▶ **Work item**:
Reproduce each entry exactly, so that everything except the pictures is carried over.

▶ **Records shown**:
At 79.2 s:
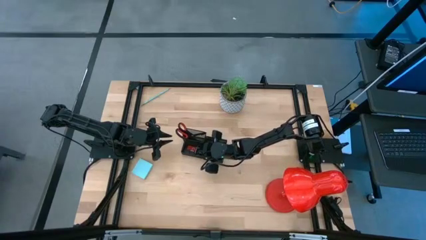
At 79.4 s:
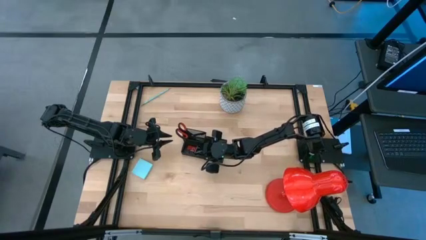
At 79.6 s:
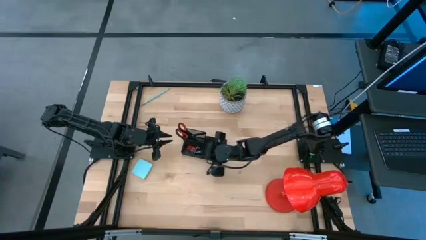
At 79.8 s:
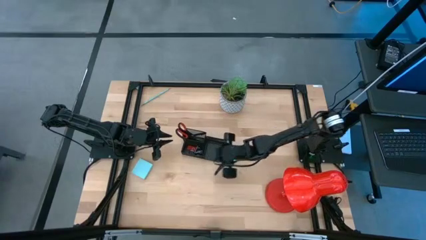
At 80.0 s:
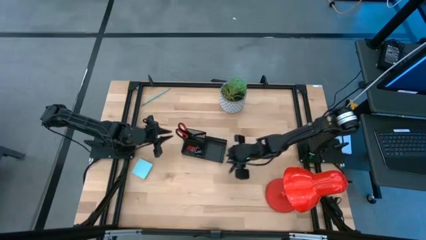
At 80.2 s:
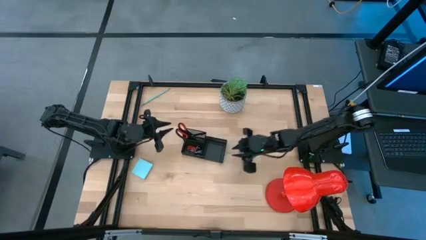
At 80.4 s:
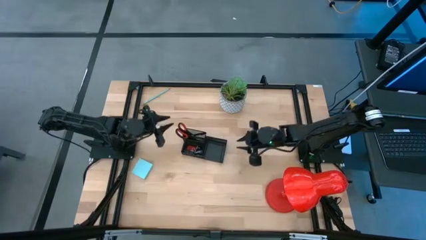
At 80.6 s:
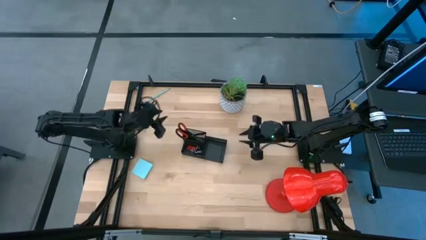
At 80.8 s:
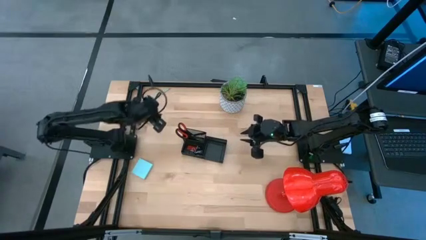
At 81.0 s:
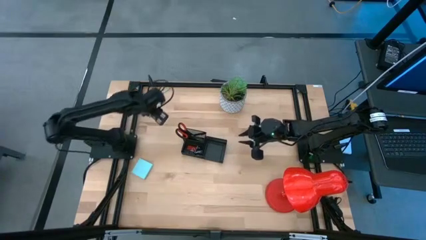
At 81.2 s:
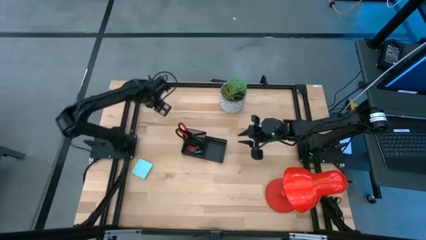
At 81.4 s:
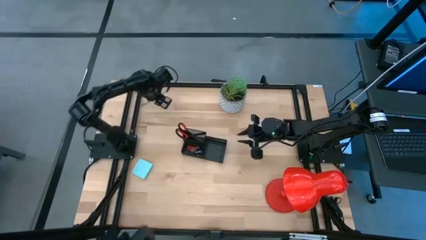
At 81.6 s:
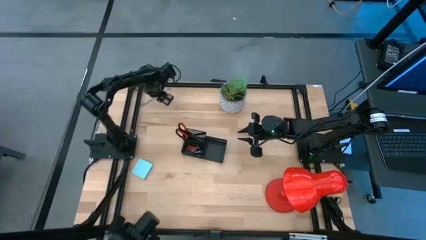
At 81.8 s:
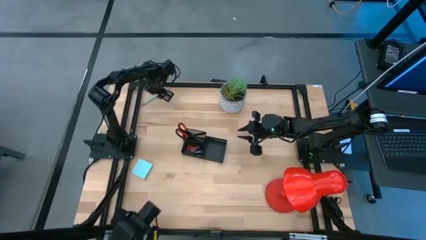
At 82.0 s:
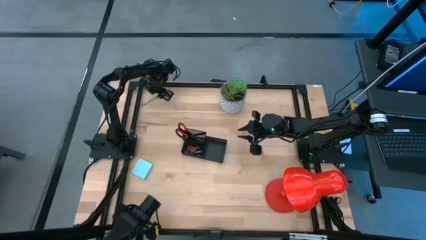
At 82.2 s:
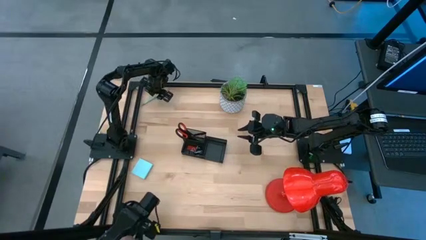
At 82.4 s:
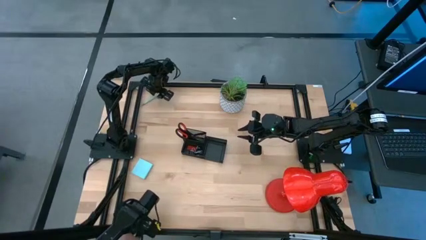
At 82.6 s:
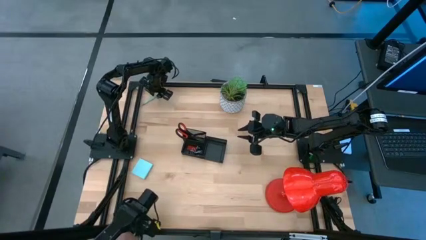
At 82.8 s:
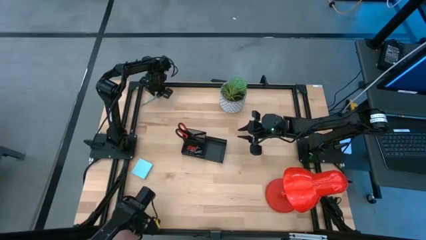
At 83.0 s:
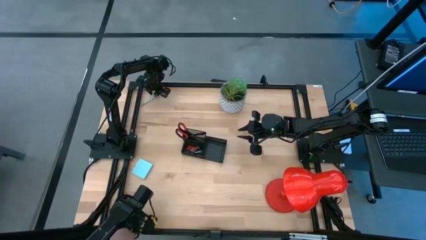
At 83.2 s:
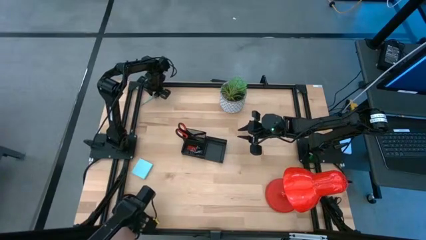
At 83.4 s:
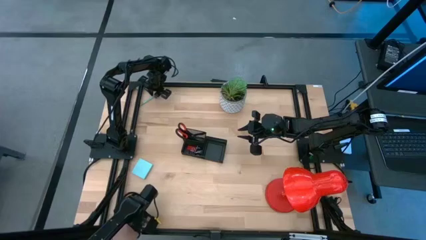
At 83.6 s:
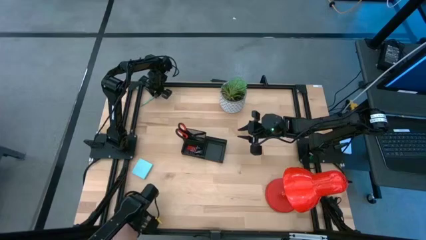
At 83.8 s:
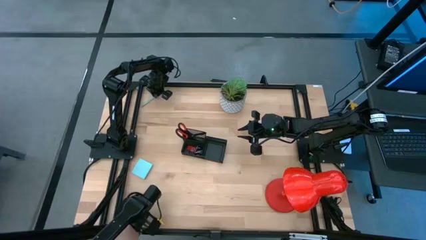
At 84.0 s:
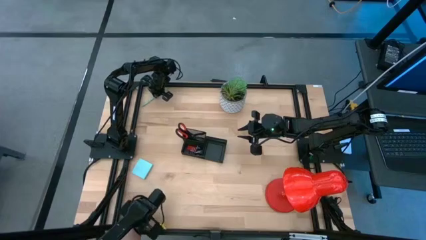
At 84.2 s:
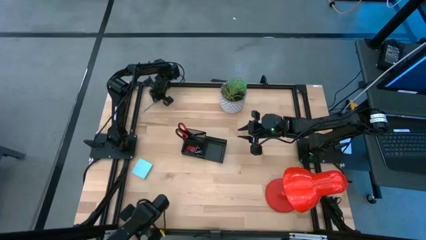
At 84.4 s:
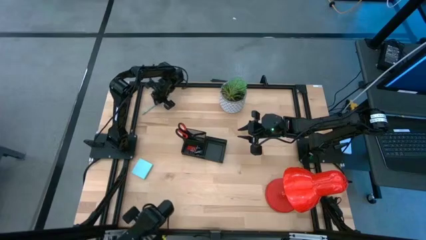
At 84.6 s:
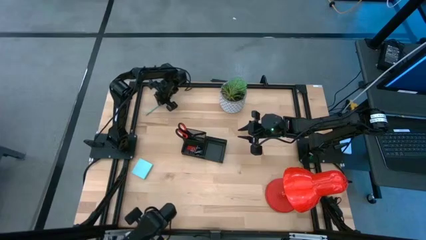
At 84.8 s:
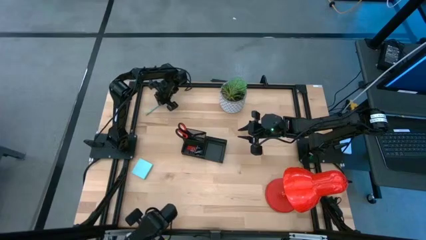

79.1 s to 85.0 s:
Put the pencil into the top left section of the desk organizer

▶ **Response to this task**:
At 79.2 s:
At 79.4 s:
At 79.6 s:
At 79.8 s:
At 80.0 s:
At 80.2 s:
At 80.4 s:
At 80.6 s:
At 80.8 s:
At 81.0 s:
At 81.2 s:
At 81.4 s:
At 81.6 s:
At 81.8 s:
At 82.0 s:
At 82.2 s:
At 82.4 s:
At 82.6 s:
At 82.8 s:
At 83.0 s:
At 83.2 s:
At 83.4 s:
At 83.6 s:
At 83.8 s:
At 84.0 s:
At 84.2 s:
At 84.4 s:
At 84.6 s:
At 84.8 s:

79.1 s to 85.0 s:
Put the pencil into the top left section of the desk organizer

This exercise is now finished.